◆ **Prompt**
Everything in the listing should be transcribed exactly, apart from the pictures.

* * * * * * * * *

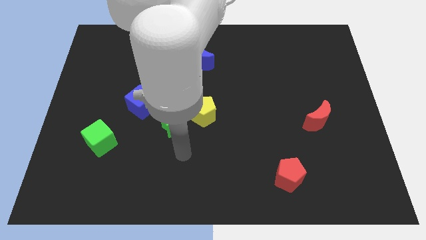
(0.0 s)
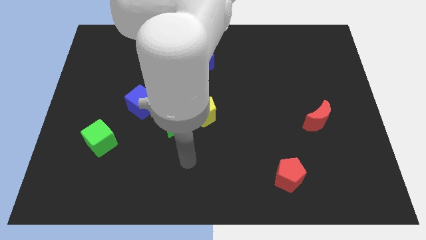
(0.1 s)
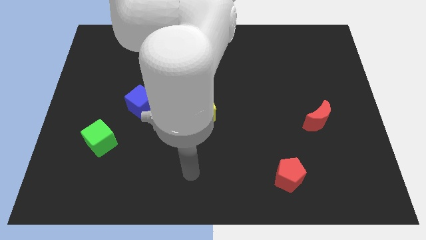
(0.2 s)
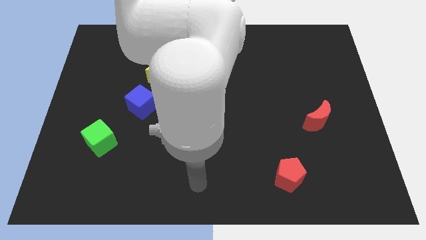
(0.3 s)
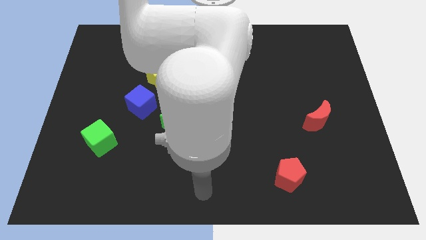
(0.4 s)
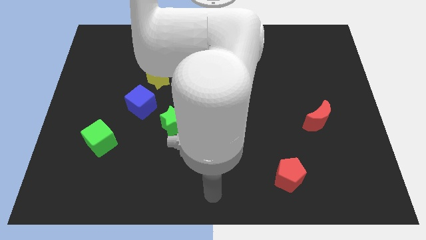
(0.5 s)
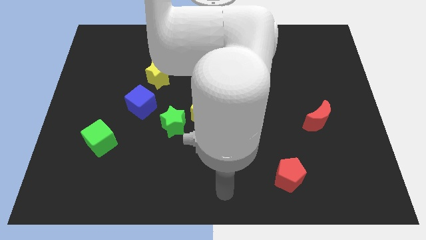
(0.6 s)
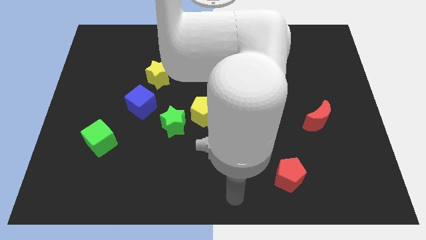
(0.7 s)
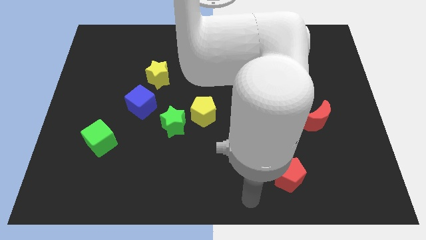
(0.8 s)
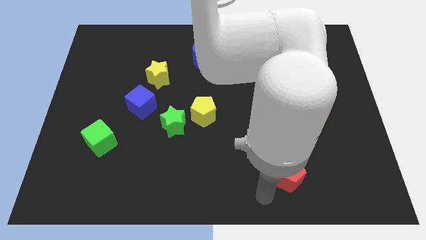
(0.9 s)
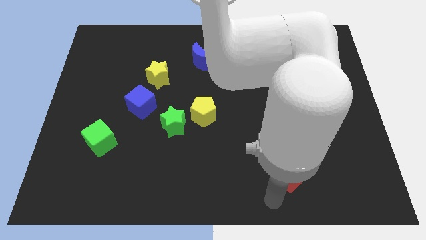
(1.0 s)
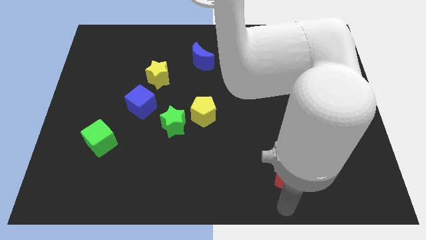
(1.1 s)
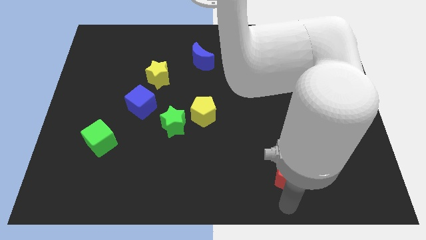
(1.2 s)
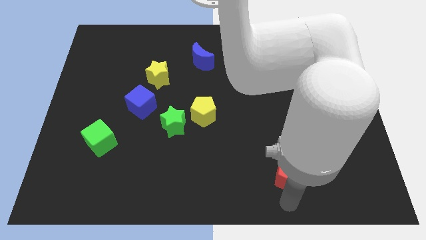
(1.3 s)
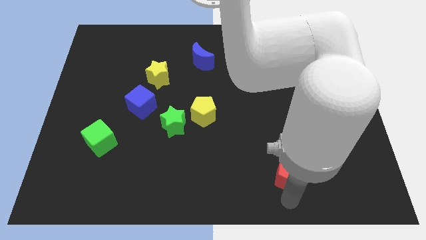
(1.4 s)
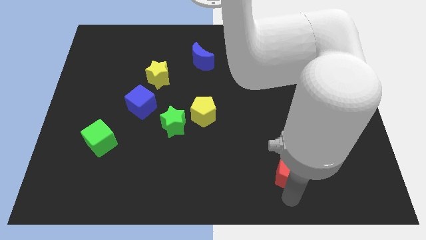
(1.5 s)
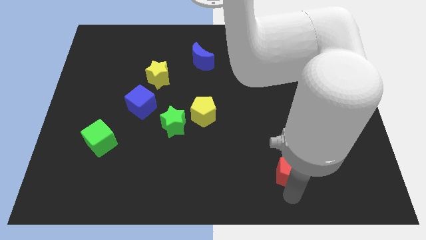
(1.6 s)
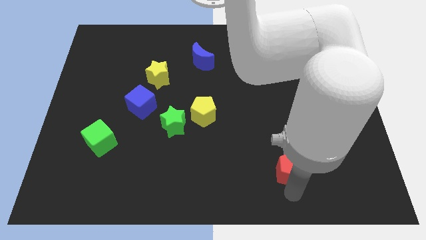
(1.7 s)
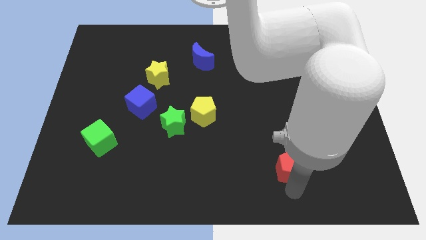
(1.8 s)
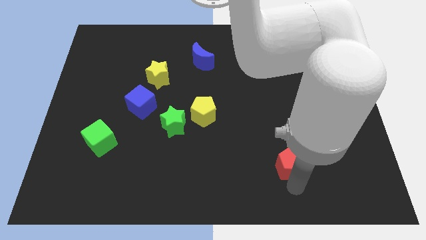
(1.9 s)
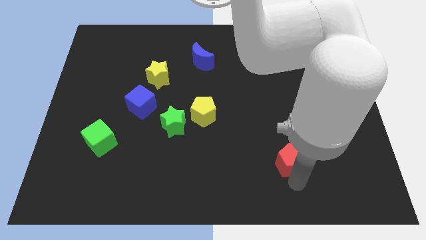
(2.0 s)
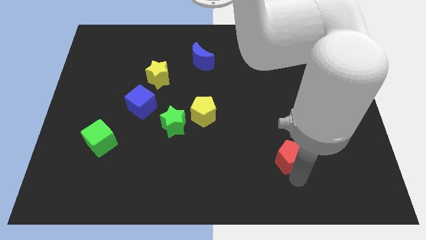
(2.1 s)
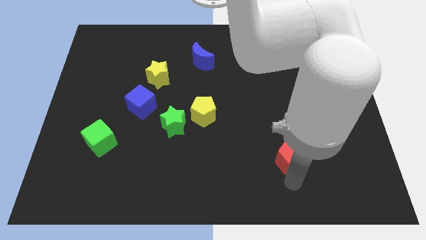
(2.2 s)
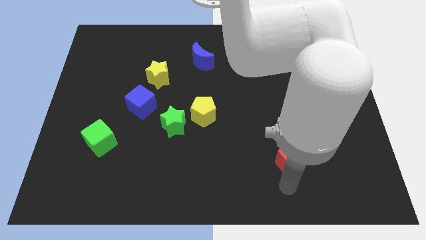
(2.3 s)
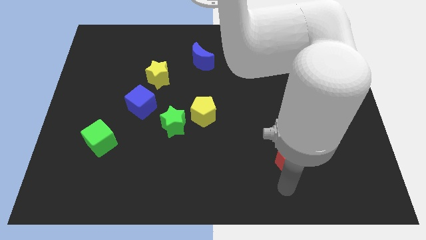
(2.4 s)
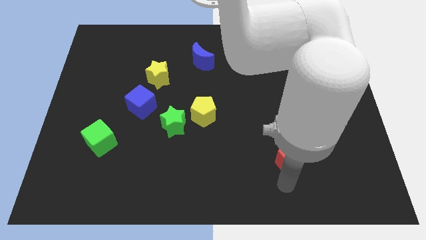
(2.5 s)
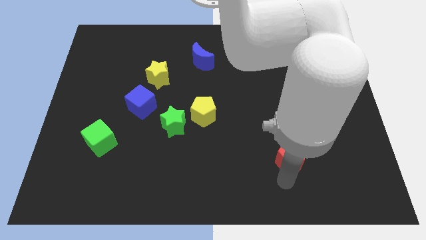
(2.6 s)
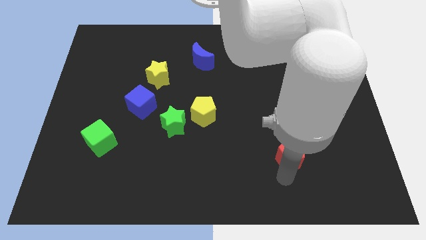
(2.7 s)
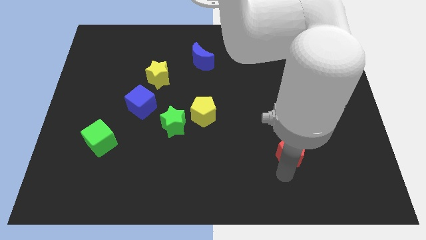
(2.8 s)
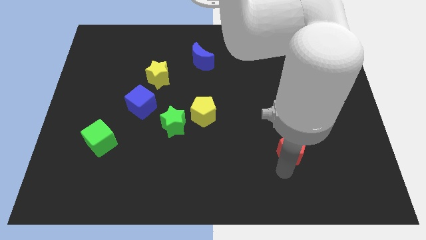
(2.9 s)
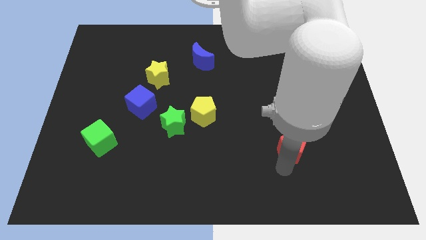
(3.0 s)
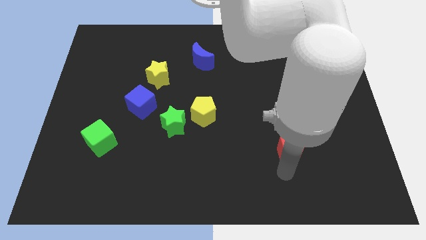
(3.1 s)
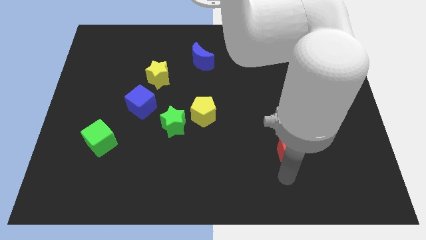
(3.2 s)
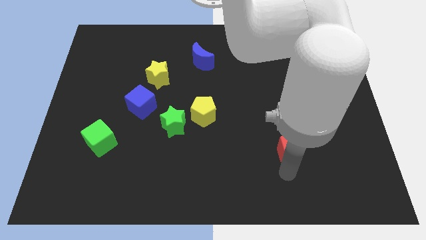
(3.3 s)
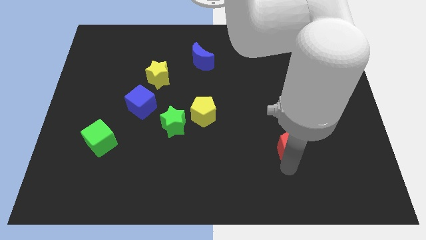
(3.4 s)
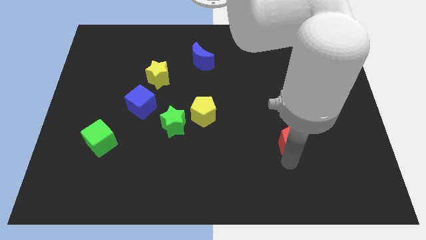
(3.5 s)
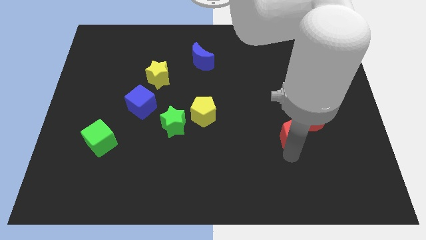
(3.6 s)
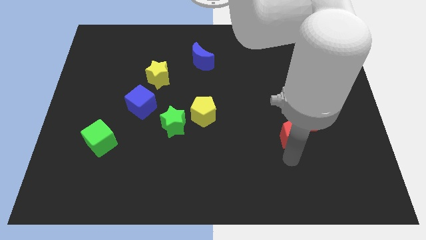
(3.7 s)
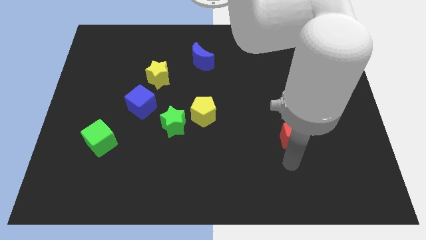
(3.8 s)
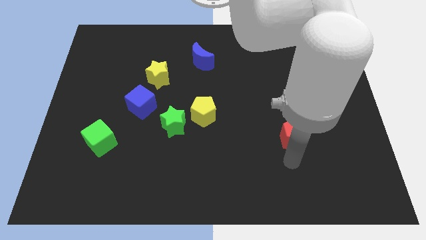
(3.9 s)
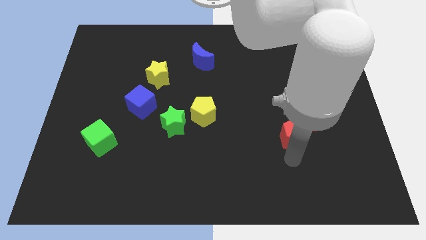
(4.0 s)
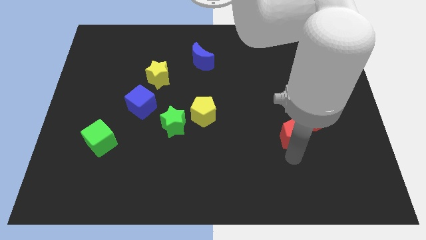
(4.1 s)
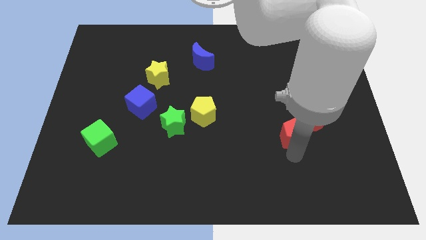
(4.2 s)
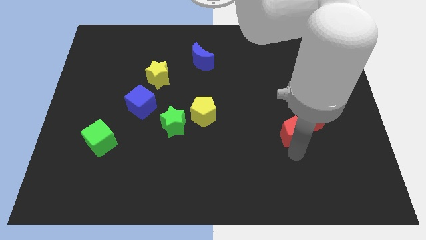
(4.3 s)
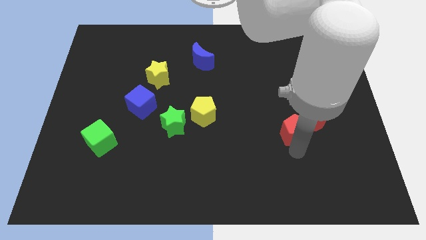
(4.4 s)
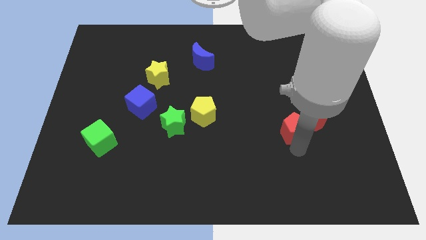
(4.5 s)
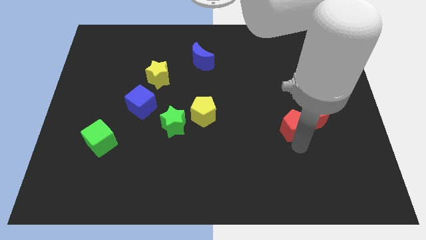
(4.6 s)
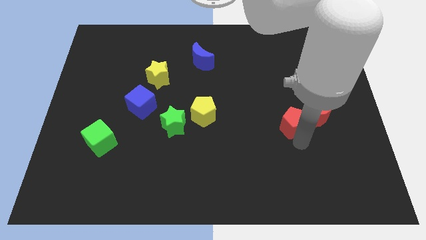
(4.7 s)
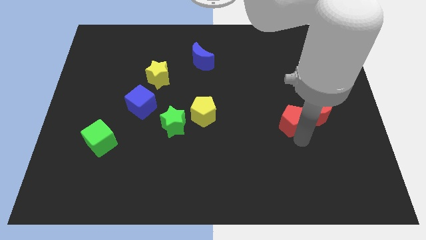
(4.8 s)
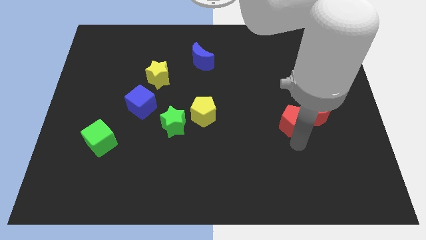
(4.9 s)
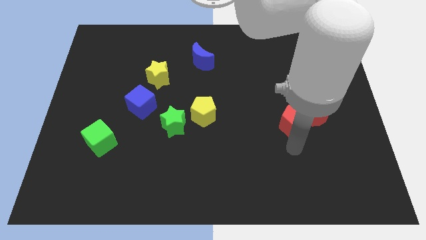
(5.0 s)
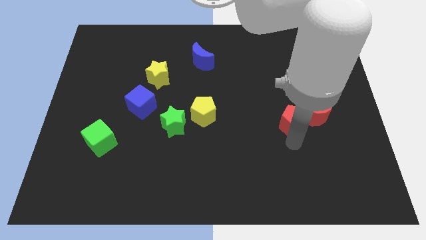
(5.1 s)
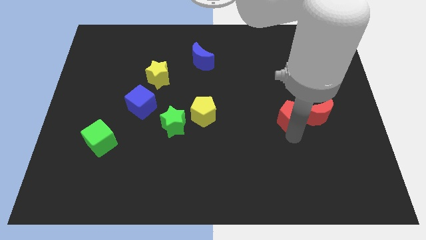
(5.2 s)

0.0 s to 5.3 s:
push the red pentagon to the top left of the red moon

* * * * * * * * *

◆ **Result for this task**
(0.0 s)
(0.1 s)
(0.2 s)
(0.3 s)
(0.4 s)
(0.5 s)
(0.6 s)
(0.7 s)
(0.8 s)
(0.9 s)
(1.0 s)
(1.1 s)
(1.2 s)
(1.3 s)
(1.4 s)
(1.5 s)
(1.6 s)
(1.7 s)
(1.8 s)
(1.9 s)
(2.0 s)
(2.1 s)
(2.2 s)
(2.3 s)
(2.4 s)
(2.5 s)
(2.6 s)
(2.7 s)
(2.8 s)
(2.9 s)
(3.0 s)
(3.1 s)
(3.2 s)
(3.3 s)
(3.4 s)
(3.5 s)
(3.6 s)
(3.7 s)
(3.8 s)
(3.9 s)
(4.0 s)
(4.1 s)
(4.2 s)
(4.3 s)
(4.4 s)
(4.5 s)
(4.6 s)
(4.7 s)
(4.8 s)
(4.9 s)
(5.0 s)
(5.1 s)
(5.2 s)

0.0 s to 5.3 s:
push the red pentagon to the top left of the red moon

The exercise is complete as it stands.